START RECORDS SHOWN

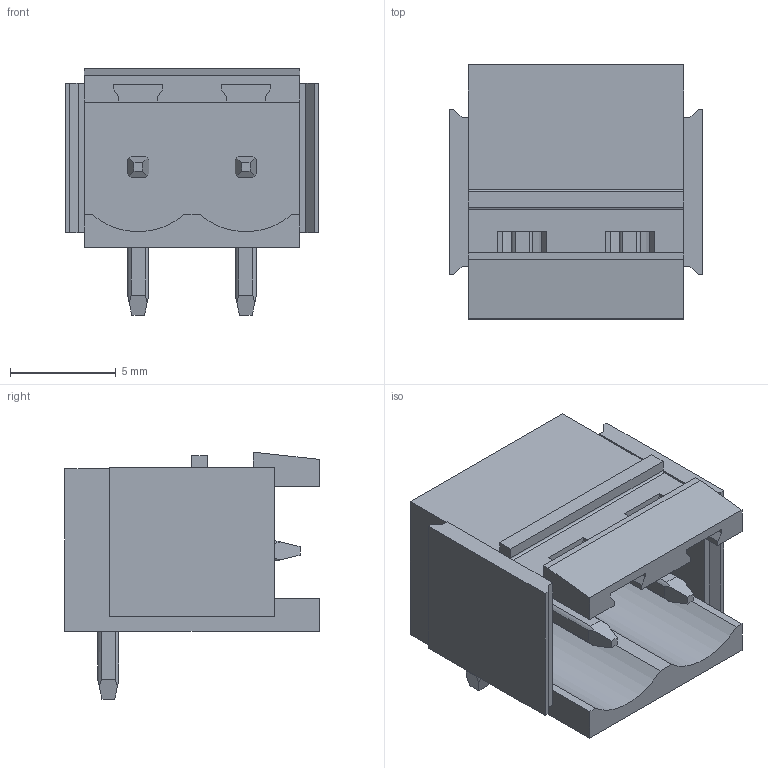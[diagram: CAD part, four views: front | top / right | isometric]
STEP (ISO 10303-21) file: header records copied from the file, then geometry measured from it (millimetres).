
FILE_DESCRIPTION(('CATIA V5 STEP Exchange','CAx-IF Rec.Pracs.--- Model Styling and Organization---1.2---2011-12-15'),'2;1');
FILE_NAME ('D1449106_0', '2018-10-27T07:56:47+00:00', ('none'), ('Weidmueller'), 'CATIA Version 5-6 Release 2014', 'CATIA V5 STEP AP214', 'none');
FILE_SCHEMA(('AUTOMOTIVE_DESIGN { 1 0 10303 214 1 1 1 1 }'));
Length unit declared in the file: millimetre
Products named in the file (1): 1148030000
Bounding box: 11.92 x 12 x 11.63 mm (x, y, z)
Volume: 554.4 mm3; surface area: 1056.4 mm2
Topology: 3 solids, 3 shells, 143 faces, 391 edges, 250 vertices
Faces by surface type: plane 107, cylinder 36
Entity records: 4142 total; most frequent: CARTESIAN_POINT 859, ORIENTED_EDGE 782, DIRECTION 491, EDGE_CURVE 385, VECTOR 297, LINE 297, VERTEX_POINT 242, EDGE_LOOP 147

END RECORDS SHOWN

**EXERCISE OBJECTIVE:**
Print the records above exactly as they stand, but leave out the pictures.

**FINAL ANSWER:**
[diagram: CAD part, four views: front | top / right | isometric]
STEP (ISO 10303-21) file: header records copied from the file, then geometry measured from it (millimetres).
FILE_DESCRIPTION(('CATIA V5 STEP Exchange','CAx-IF Rec.Pracs.--- Model Styling and Organization---1.2---2011-12-15'),'2;1');
FILE_NAME ('D1449106_0', '2018-10-27T07:56:47+00:00', ('none'), ('Weidmueller'), 'CATIA Version 5-6 Release 2014', 'CATIA V5 STEP AP214', 'none');
FILE_SCHEMA(('AUTOMOTIVE_DESIGN { 1 0 10303 214 1 1 1 1 }'));
Length unit declared in the file: millimetre
Products named in the file (1): 1148030000
Bounding box: 11.92 x 12 x 11.63 mm (x, y, z)
Volume: 554.4 mm3; surface area: 1056.4 mm2
Topology: 3 solids, 3 shells, 143 faces, 391 edges, 250 vertices
Faces by surface type: plane 107, cylinder 36
Entity records: 4142 total; most frequent: CARTESIAN_POINT 859, ORIENTED_EDGE 782, DIRECTION 491, EDGE_CURVE 385, VECTOR 297, LINE 297, VERTEX_POINT 242, EDGE_LOOP 147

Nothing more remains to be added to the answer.